● Material provided
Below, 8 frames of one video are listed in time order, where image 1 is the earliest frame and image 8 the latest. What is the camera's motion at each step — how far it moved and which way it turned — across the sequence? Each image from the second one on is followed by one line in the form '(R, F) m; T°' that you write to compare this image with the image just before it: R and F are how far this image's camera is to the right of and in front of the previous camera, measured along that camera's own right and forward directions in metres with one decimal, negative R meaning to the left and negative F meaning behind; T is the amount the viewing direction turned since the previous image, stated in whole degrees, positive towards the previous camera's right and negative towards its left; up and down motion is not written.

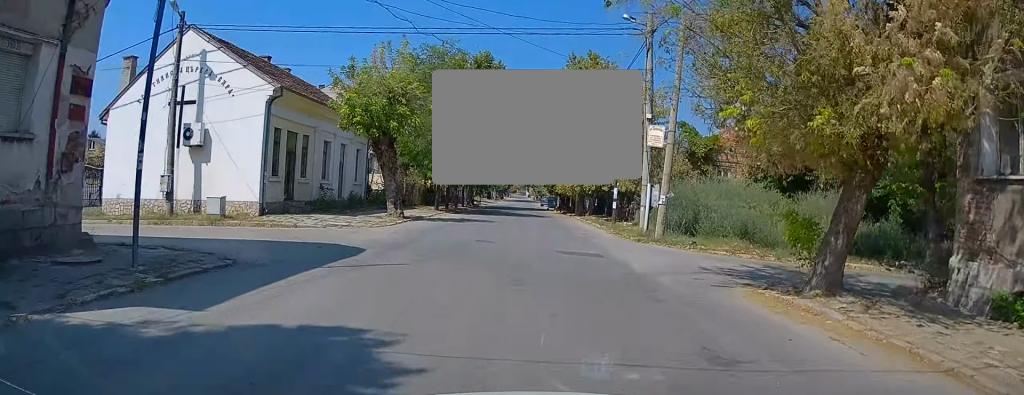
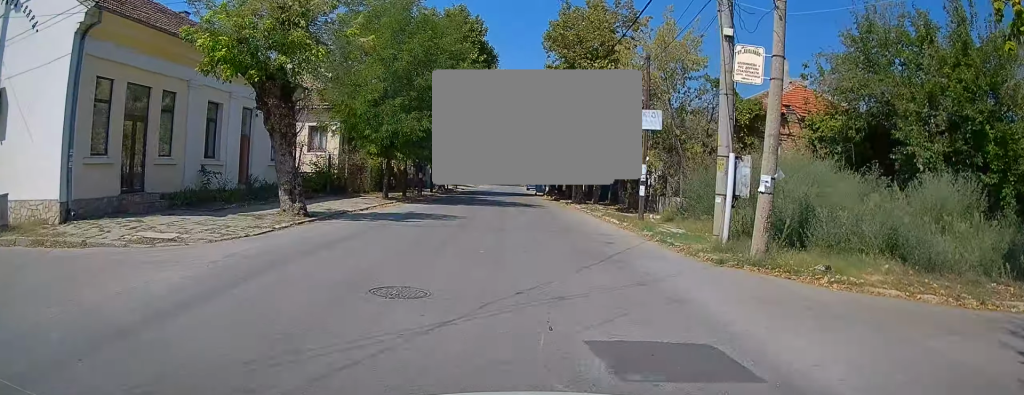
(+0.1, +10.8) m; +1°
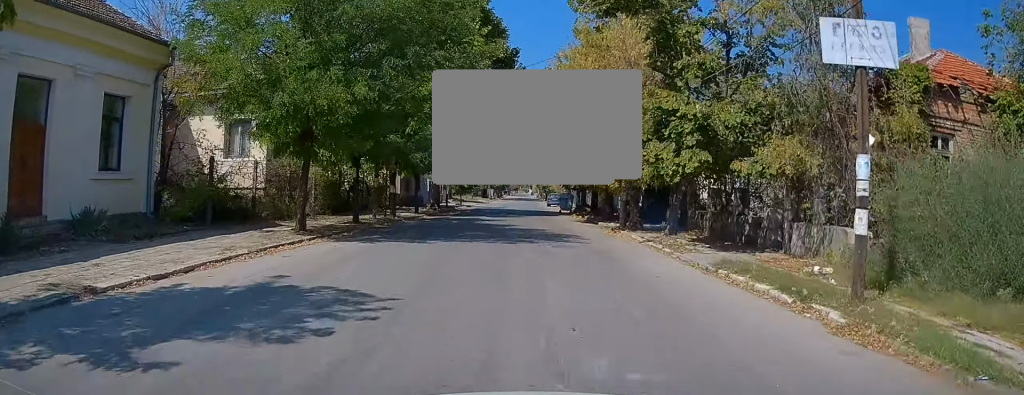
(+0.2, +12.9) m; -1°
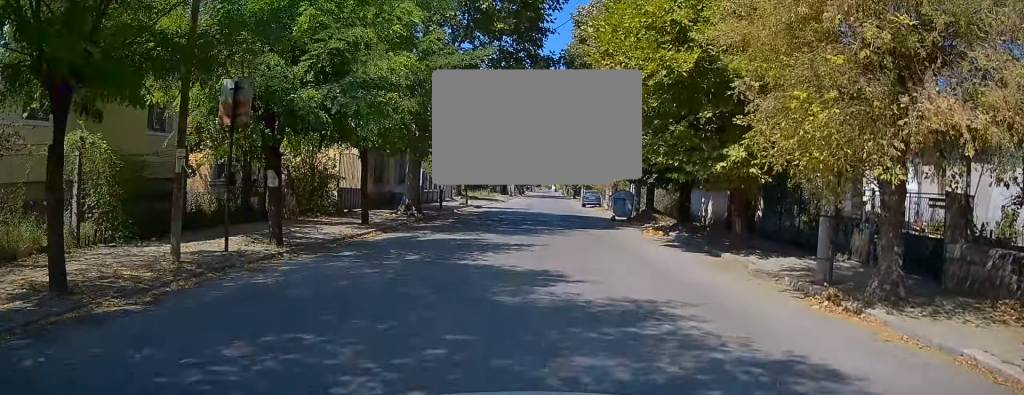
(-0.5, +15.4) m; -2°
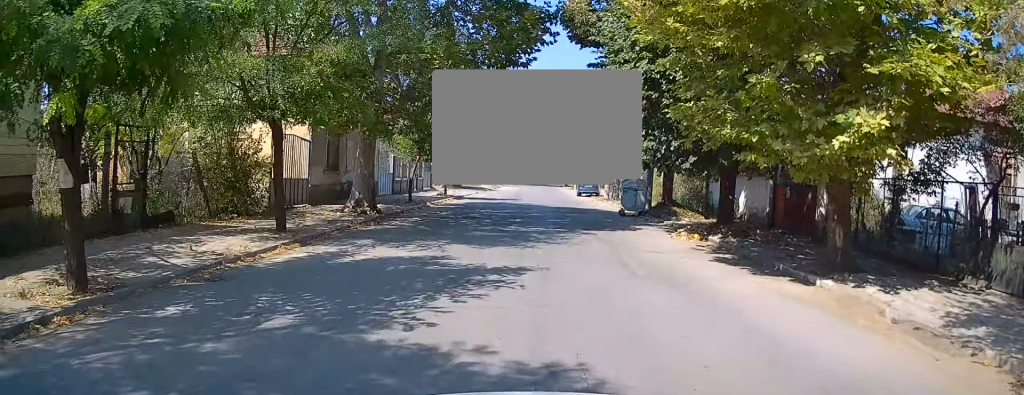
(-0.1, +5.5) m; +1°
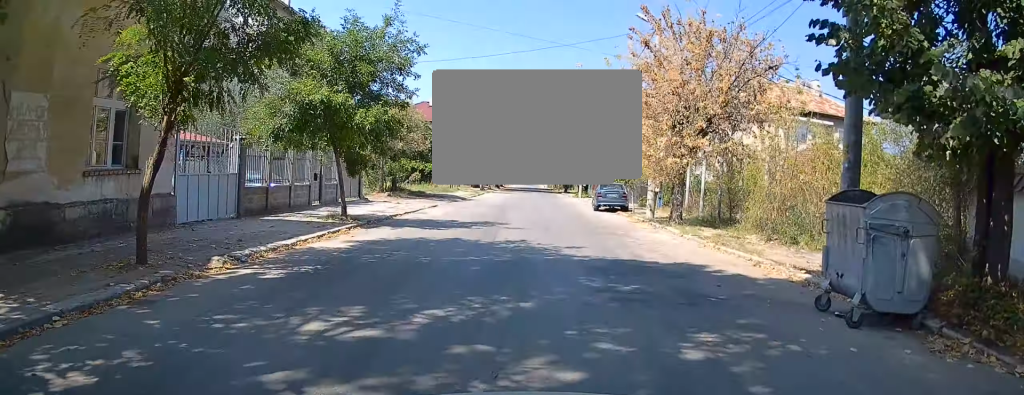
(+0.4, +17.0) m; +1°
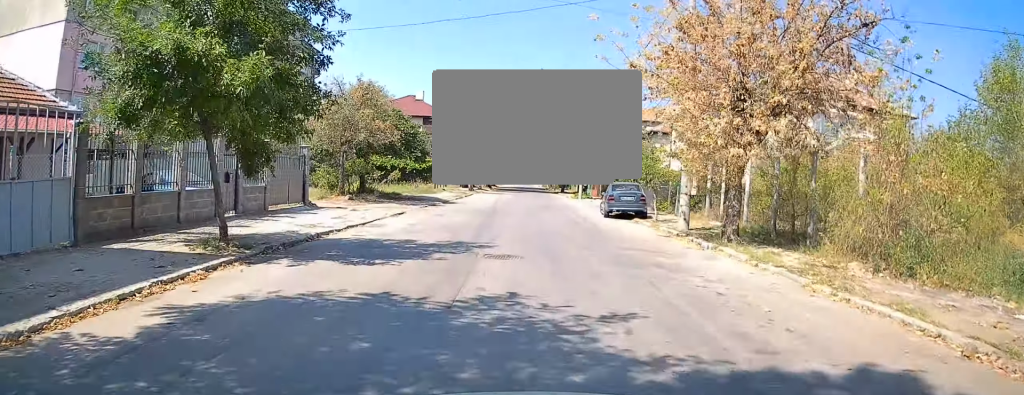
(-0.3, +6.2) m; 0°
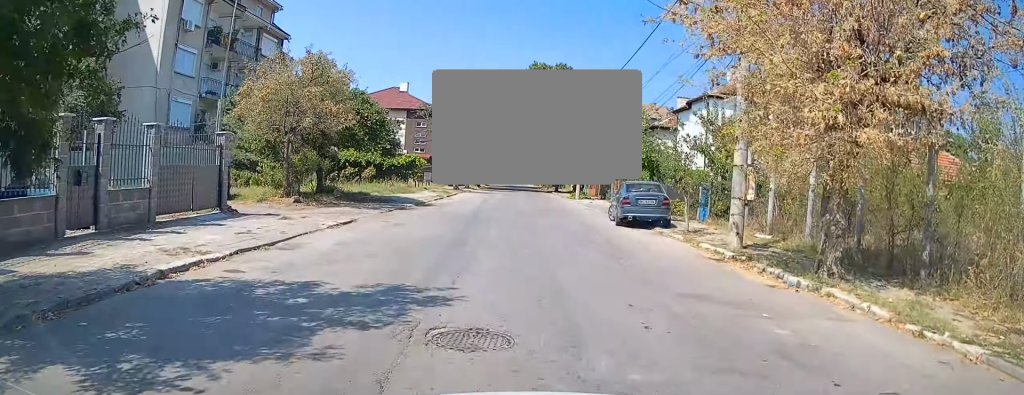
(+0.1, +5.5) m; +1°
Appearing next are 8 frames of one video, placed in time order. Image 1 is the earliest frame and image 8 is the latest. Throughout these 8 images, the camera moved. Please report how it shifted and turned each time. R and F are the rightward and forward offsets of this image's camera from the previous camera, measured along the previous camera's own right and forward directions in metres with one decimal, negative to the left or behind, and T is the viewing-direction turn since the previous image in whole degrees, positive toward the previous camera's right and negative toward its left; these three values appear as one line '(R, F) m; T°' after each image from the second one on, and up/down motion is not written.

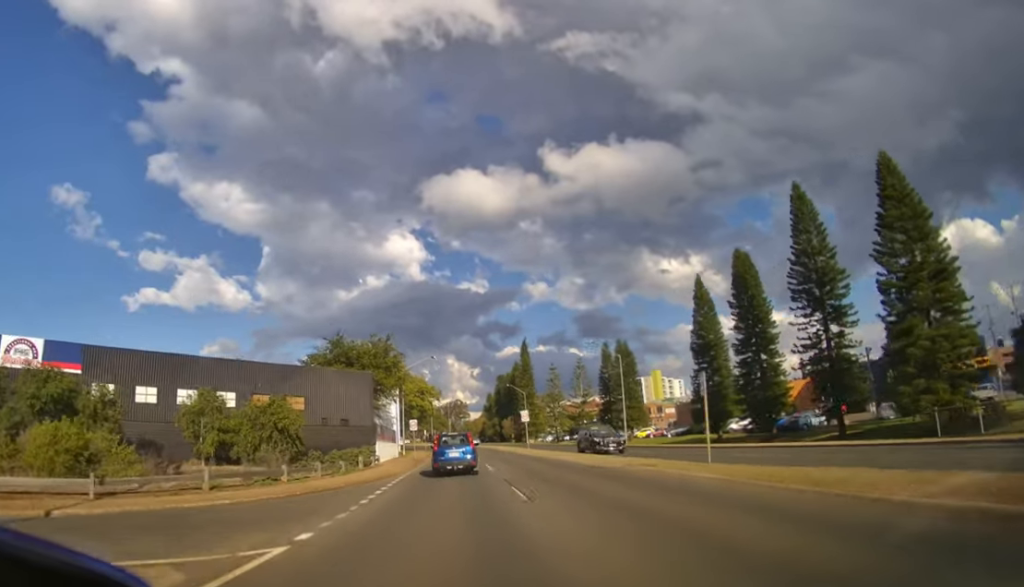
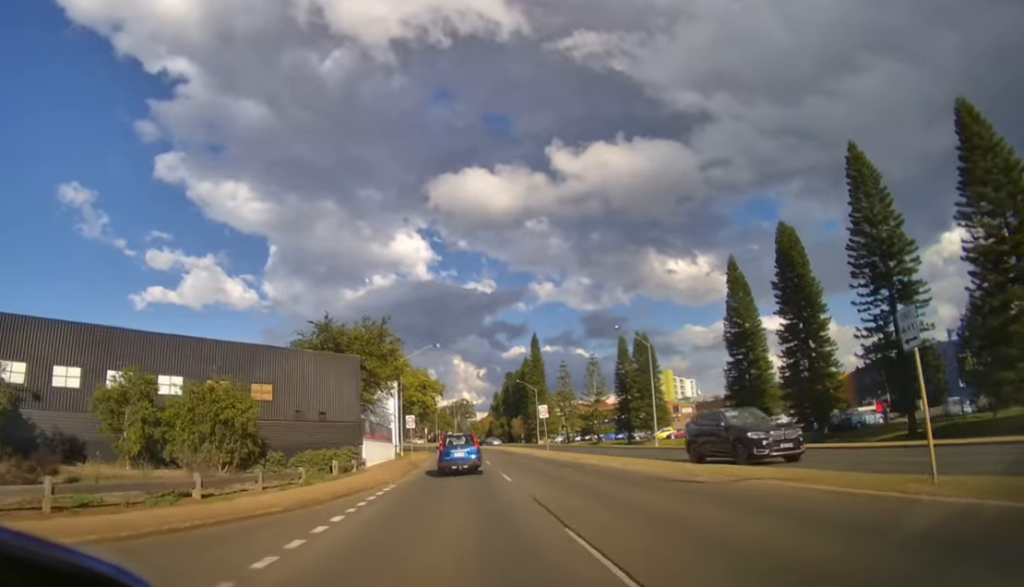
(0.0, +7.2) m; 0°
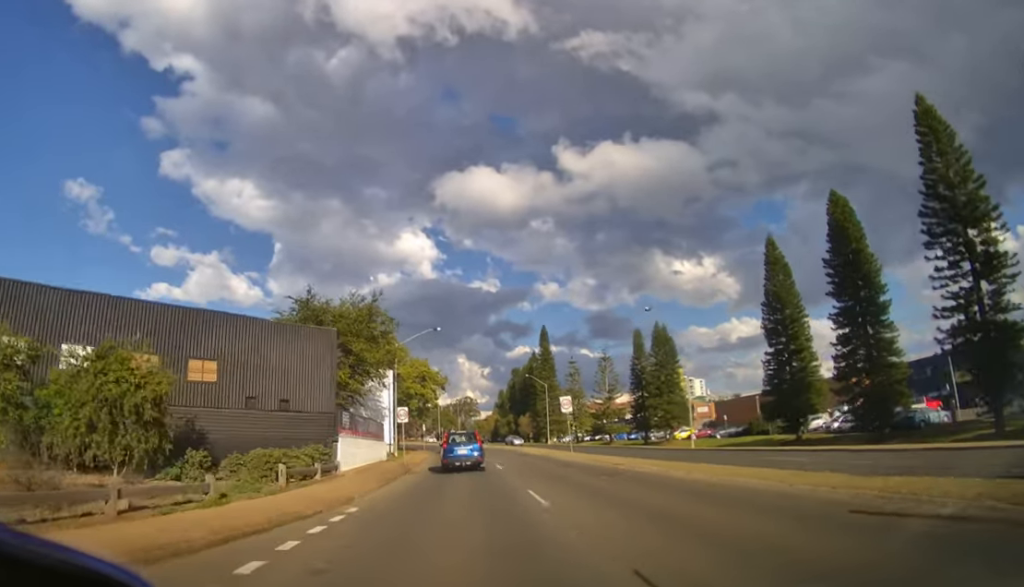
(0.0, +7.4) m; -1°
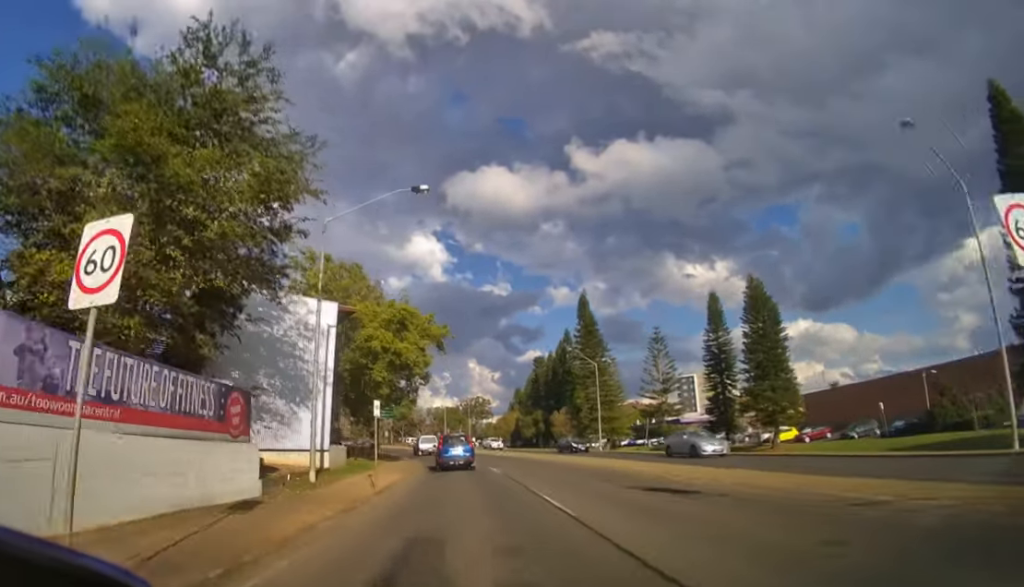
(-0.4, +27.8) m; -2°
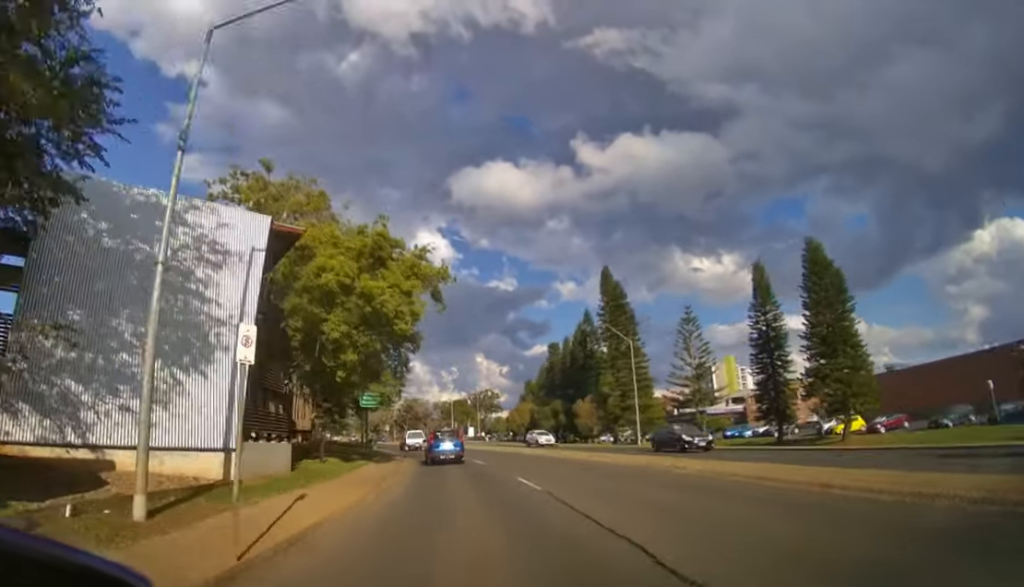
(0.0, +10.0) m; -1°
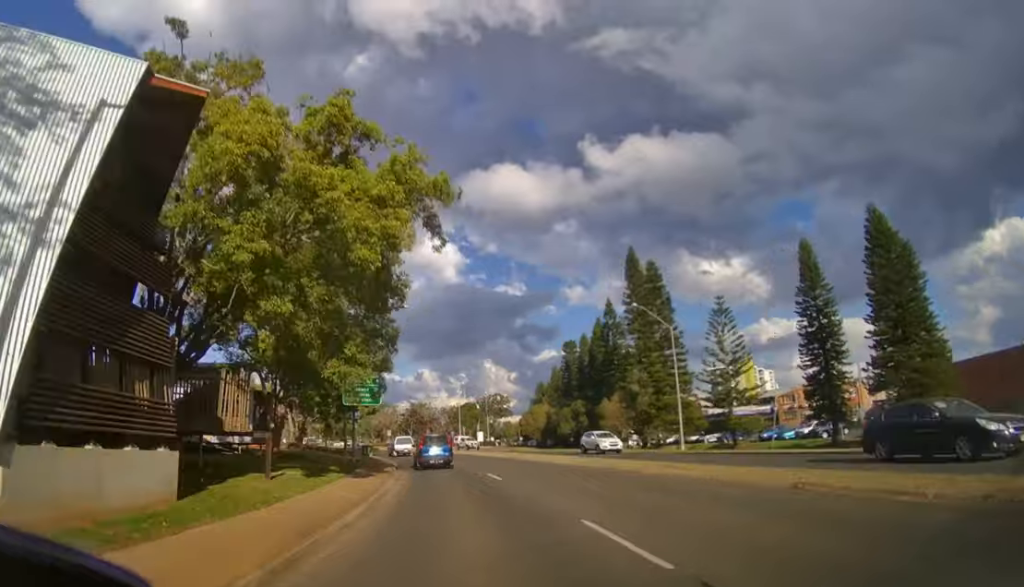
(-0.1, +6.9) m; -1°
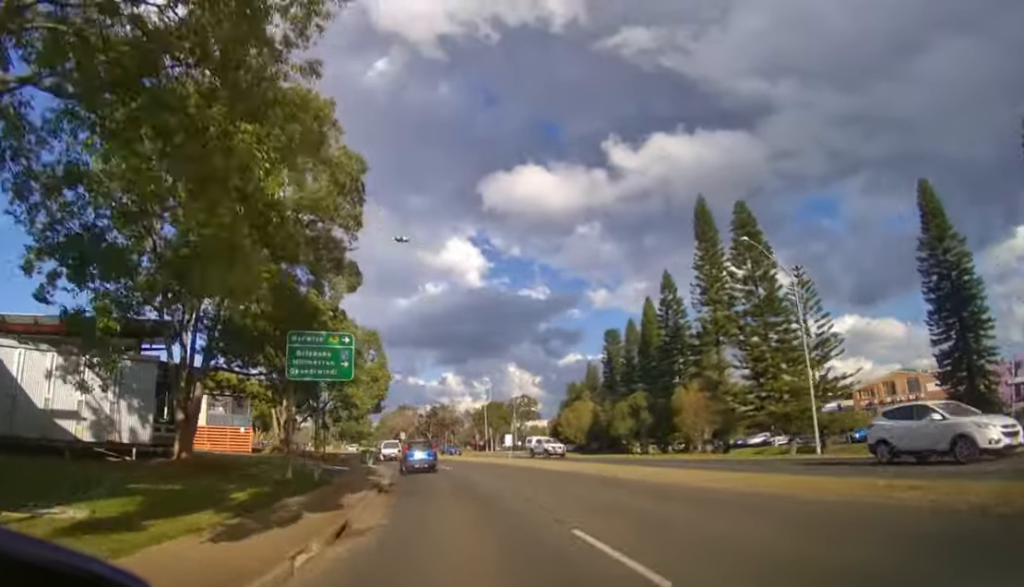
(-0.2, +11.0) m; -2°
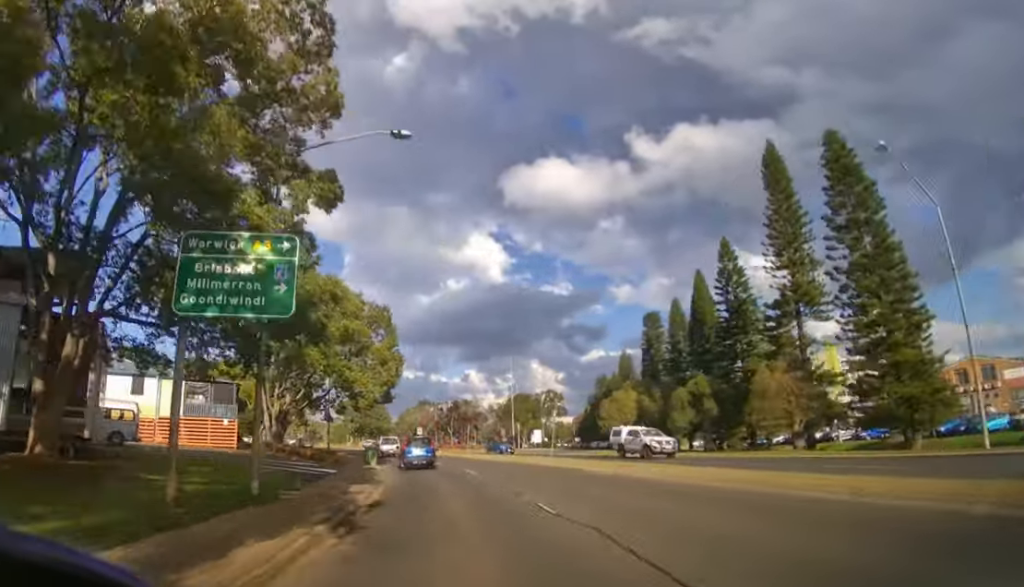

● Exercise requirements
When you print the entries, keep every line exactly as it is and drop the pictures.

● Answer for this exercise
Below, 8 frames of one video are listed in time order, where image 1 is the earliest frame and image 8 the latest. What is the camera's motion at each step — how far it moved and which way it turned — across the sequence? Each image from the second one on is followed by one line in the form '(R, F) m; T°' that you write to compare this image with the image just before it: R and F are how far this image's camera is to the right of and in front of the previous camera, measured along that camera's own right and forward directions in metres with one decimal, negative R meaning to the left and negative F meaning behind; T is the amount the viewing direction turned since the previous image, stated in whole degrees, positive towards the previous camera's right and negative towards its left; up and down motion is not written.

(+0.1, +10.8) m; +1°
(+0.2, +12.9) m; -1°
(-0.5, +15.4) m; -2°
(-0.1, +5.5) m; +1°
(+0.4, +17.0) m; +1°
(-0.3, +6.2) m; 0°
(+0.1, +5.5) m; +1°
Appearing next are 8 frames of one video, placed in time order. Image 1 is the earliest frame and image 8 is the latest. Throughout these 8 images, the camera moved. Please report how it shifted and turned each time. R and F are the rightward and forward offsets of this image's camera from the previous camera, measured along the previous camera's own right and forward directions in metres with one decimal, negative to the left or behind, and T is the viewing-direction turn since the previous image in whole degrees, positive toward the previous camera's right and negative toward its left; these three values appear as one line '(R, F) m; T°' after each image from the second one on, and up/down motion is not written.

(0.0, +7.2) m; 0°
(0.0, +7.4) m; -1°
(-0.4, +27.8) m; -2°
(0.0, +10.0) m; -1°
(-0.1, +6.9) m; -1°
(-0.2, +11.0) m; -2°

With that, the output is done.